The following concluding remarks can be drawn from this paper:

  • This work proposed an empirical scaling equation to scale spontaneous imbibition tests (collected from the literature) of the modified salinity brine into limestone rock samples from different reservoirs and regions.

  • The suggested equation included the ionic strengths of both the imbibing and connate brines. As far as we are concerned, this is the first time that a property of connate brine is included in a scaling equation. The scaled tests by the new scaling equation were performed on aged cores and at high temperatures (near reservoir conditions).

  • The proposed scaling equation collapses the scaled data by 28.2% more than the Mason et al.’s equation that had exhibited the best performance in comparison to other former scaling equations.

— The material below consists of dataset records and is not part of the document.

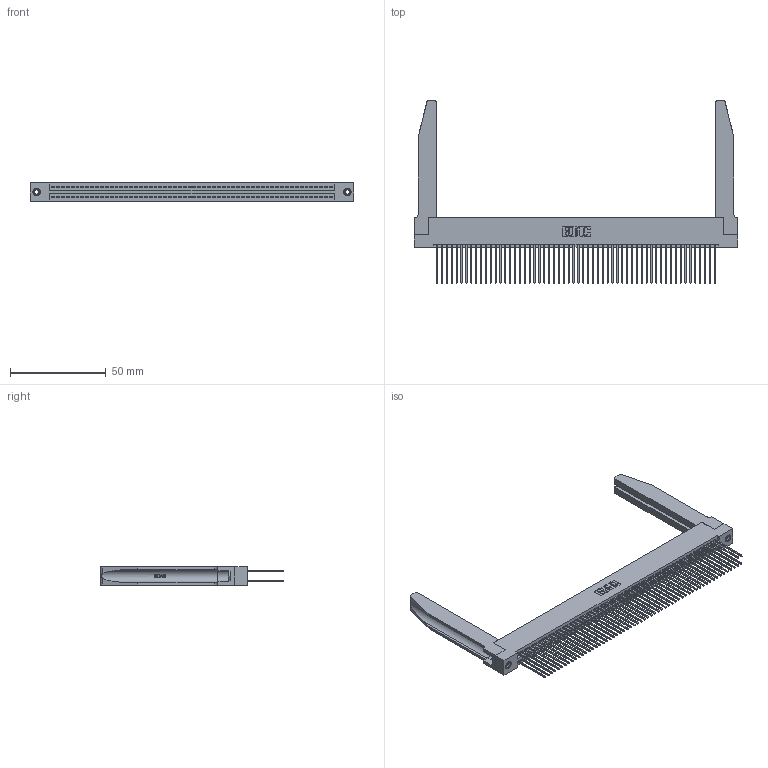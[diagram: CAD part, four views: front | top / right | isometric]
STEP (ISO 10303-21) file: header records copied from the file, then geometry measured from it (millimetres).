
FILE_DESCRIPTION (( 'STEP AP203' ), '1' );
FILE_NAME ('345-116-541-278.STEP', '2019-11-05T15:25:59', ( '' ), ( '' ), 'SwSTEP 2.0', 'SolidWorks 2016', '' );
FILE_SCHEMA (( 'CONFIG_CONTROL_DESIGN' ));
Length unit declared in the file: inch
Products named in the file (5): 345-220-078_345-220-078; 345-250-001_345-250-001-102; 345-116-541-278; 345-292-001_345-293-141; 345 Part_Flush Mounting Lugs - 0.156 Dia-TH
Assembly tree (121 placements, depth 2):
  345-116-541-278
    345 Part_Flush Mounting Lugs - 0.156 Dia-TH
    345-292-001_345-293-141  x116
    345-250-001_345-250-001-102  x2
    345-220-078_345-220-078  x2
Bounding box: 168.55 x 94.92 x 9.4 mm (x, y, z)
Volume: 24958 mm3; surface area: 35682.9 mm2
Topology: 121 solids, 121 shells, 6160 faces, 18233 edges, 11990 vertices
Faces by surface type: plane 4050, cylinder 2058, bspline 36, cone 12, torus 4
Entity records: 48112 total; most frequent: CARTESIAN_POINT 8967, ORIENTED_EDGE 7798, DIRECTION 6881, EDGE_CURVE 3899, LINE 3441, VECTOR 3441, VERTEX_POINT 2592, AXIS2_PLACEMENT_3D 1720
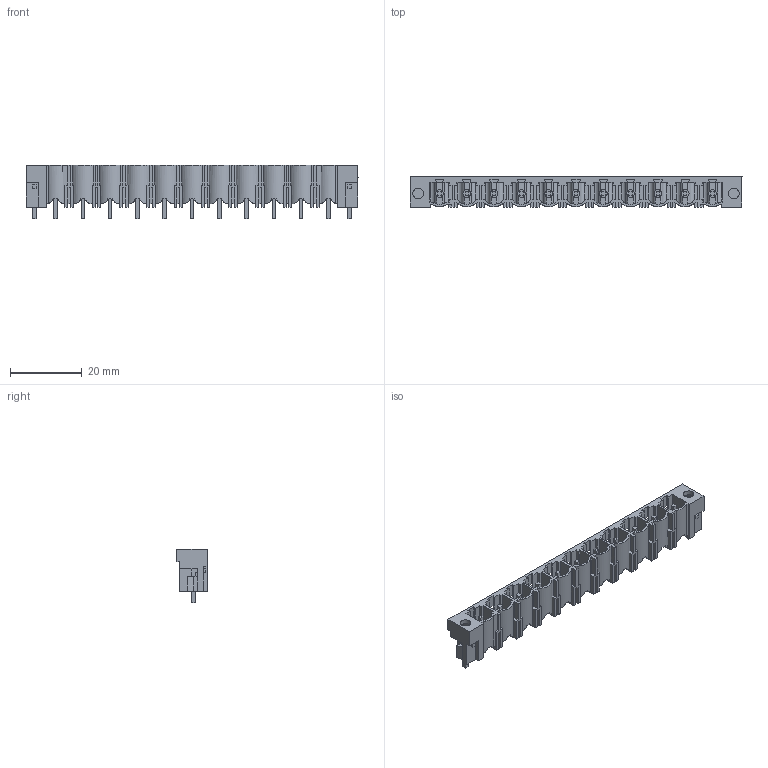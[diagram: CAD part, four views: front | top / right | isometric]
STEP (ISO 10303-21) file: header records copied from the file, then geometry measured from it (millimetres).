
FILE_DESCRIPTION(('CATIA V5 STEP Exchange','CAx-IF Rec.Pracs.--- Model Styling and Organization---1.4--- 2014-01-23'),'2;1');
FILE_NAME ('D1448937_1_1141180000_1141180000.stp','2021-05-21T12:59:49+00:00',('none'),('Weidmueller'),'CATIA Version 5-6 Release 2016 SP3 HF44','CATIA V5 STEP AP214','none');
FILE_SCHEMA(('AUTOMOTIVE_DESIGN { 1 0 10303 214 1 1 1 1 }'));
Length unit declared in the file: millimetre
Products named in the file (1): 1141180000
Bounding box: 92.68 x 8.4 x 14.95 mm (x, y, z)
Volume: 3307.9 mm3; surface area: 8574.7 mm2
Topology: 14 solids, 14 shells, 721 faces, 2061 edges, 1355 vertices
Faces by surface type: plane 607, cylinder 114
Entity records: 21878 total; most frequent: CARTESIAN_POINT 4344, ORIENTED_EDGE 4122, DIRECTION 2832, EDGE_CURVE 2061, VECTOR 1745, LINE 1745, VERTEX_POINT 1355, EDGE_LOOP 738
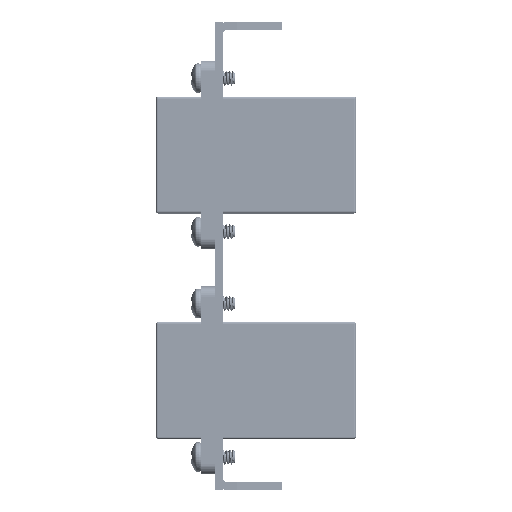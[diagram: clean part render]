
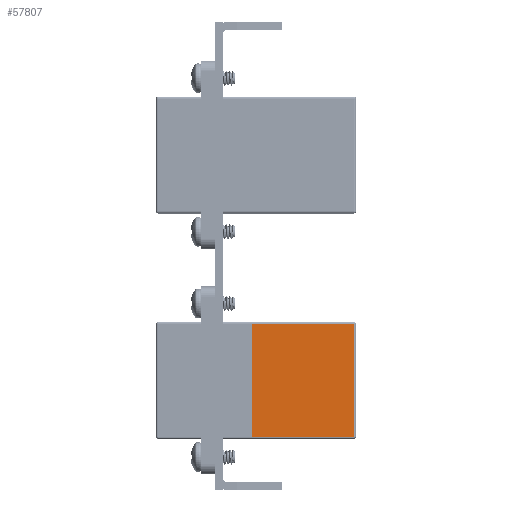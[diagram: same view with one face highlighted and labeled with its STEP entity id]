
A CAD part, left-side view. The second image highlights one B-rep face of the part: STEP entity #57807.
In plain terms, the highlighted face is planar.
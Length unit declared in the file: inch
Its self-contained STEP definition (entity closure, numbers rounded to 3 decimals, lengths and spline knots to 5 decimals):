
#776 = VERTEX_POINT ( 'NONE', #12658 ) ;
#2375 = VERTEX_POINT ( 'NONE', #72328 ) ;
#2404 = LINE ( 'NONE', #51554, #52803 ) ;
#3612 = DIRECTION ( 'NONE',  ( 0., 0., 1. ) ) ;
#7398 = EDGE_CURVE ( 'NONE', #776, #67505, #34734, .T. ) ;
#8747 = DIRECTION ( 'NONE',  ( 0., 1., 0. ) ) ;
#12658 = CARTESIAN_POINT ( 'NONE',  ( 0.315, -0.42, 0.756 ) ) ;
#13382 = DIRECTION ( 'NONE',  ( -1., 0., 0. ) ) ;
#15231 = FACE_OUTER_BOUND ( 'NONE', #36619, .T. ) ;
#16529 = LINE ( 'NONE', #80284, #30447 ) ;
#19581 = ORIENTED_EDGE ( 'NONE', *, *, #38967, .T. ) ;
#25183 = VECTOR ( 'NONE', #8747, 39.37008 ) ;
#30447 = VECTOR ( 'NONE', #87236, 39.37008 ) ;
#34353 = CARTESIAN_POINT ( 'NONE',  ( 0.315, -0.42, 0.771 ) ) ;
#34548 = CARTESIAN_POINT ( 'NONE',  ( 0.315, 0.42, 0. ) ) ;
#34734 = LINE ( 'NONE', #34353, #71339 ) ;
#36619 = EDGE_LOOP ( 'NONE', ( #88899, #68657, #87474, #19581 ) ) ;
#38967 = EDGE_CURVE ( 'NONE', #82300, #2375, #2404, .T. ) ;
#43761 = CARTESIAN_POINT ( 'NONE',  ( 0.315, -0.42, 0. ) ) ;
#47566 = CARTESIAN_POINT ( 'NONE',  ( 0.315, -0.435, 0.771 ) ) ;
#51554 = CARTESIAN_POINT ( 'NONE',  ( 0.315, 0.42, 0.771 ) ) ;
#52803 = VECTOR ( 'NONE', #3612, 39.37008 ) ;
#54187 = PLANE ( 'NONE',  #56258 ) ;
#55106 = EDGE_CURVE ( 'NONE', #67505, #82300, #79966, .T. ) ;
#56118 = EDGE_CURVE ( 'NONE', #2375, #776, #16529, .T. ) ;
#56258 = AXIS2_PLACEMENT_3D ( 'NONE', #47566, #13382, #61374 ) ;
#57807 = ADVANCED_FACE ( 'NONE', ( #15231 ), #54187, .F. ) ;
#61374 = DIRECTION ( 'NONE',  ( 0., 0., 1. ) ) ;
#67505 = VERTEX_POINT ( 'NONE', #43761 ) ;
#68657 = ORIENTED_EDGE ( 'NONE', *, *, #7398, .T. ) ;
#71339 = VECTOR ( 'NONE', #82462, 39.37008 ) ;
#72328 = CARTESIAN_POINT ( 'NONE',  ( 0.315, 0.42, 0.756 ) ) ;
#79966 = LINE ( 'NONE', #83779, #25183 ) ;
#80284 = CARTESIAN_POINT ( 'NONE',  ( 0.315, -0.435, 0.756 ) ) ;
#82300 = VERTEX_POINT ( 'NONE', #34548 ) ;
#82462 = DIRECTION ( 'NONE',  ( 0., 0., -1. ) ) ;
#83779 = CARTESIAN_POINT ( 'NONE',  ( 0.315, -0.435, 0. ) ) ;
#87236 = DIRECTION ( 'NONE',  ( 0., -1., 0. ) ) ;
#87474 = ORIENTED_EDGE ( 'NONE', *, *, #55106, .T. ) ;
#88899 = ORIENTED_EDGE ( 'NONE', *, *, #56118, .T. ) ;

  • In limestones, the oil recovery of spontaneous imbibition of modified brine salinity has a direct relationship with the ratio of imbibing to connate brines ionic strengths.

  • The scaled data was matched by two single-parameter correlations (Aronofsky model and Fries and Dreyer model) that can be used to derive proper transfer functions for fractured reservoir simulation.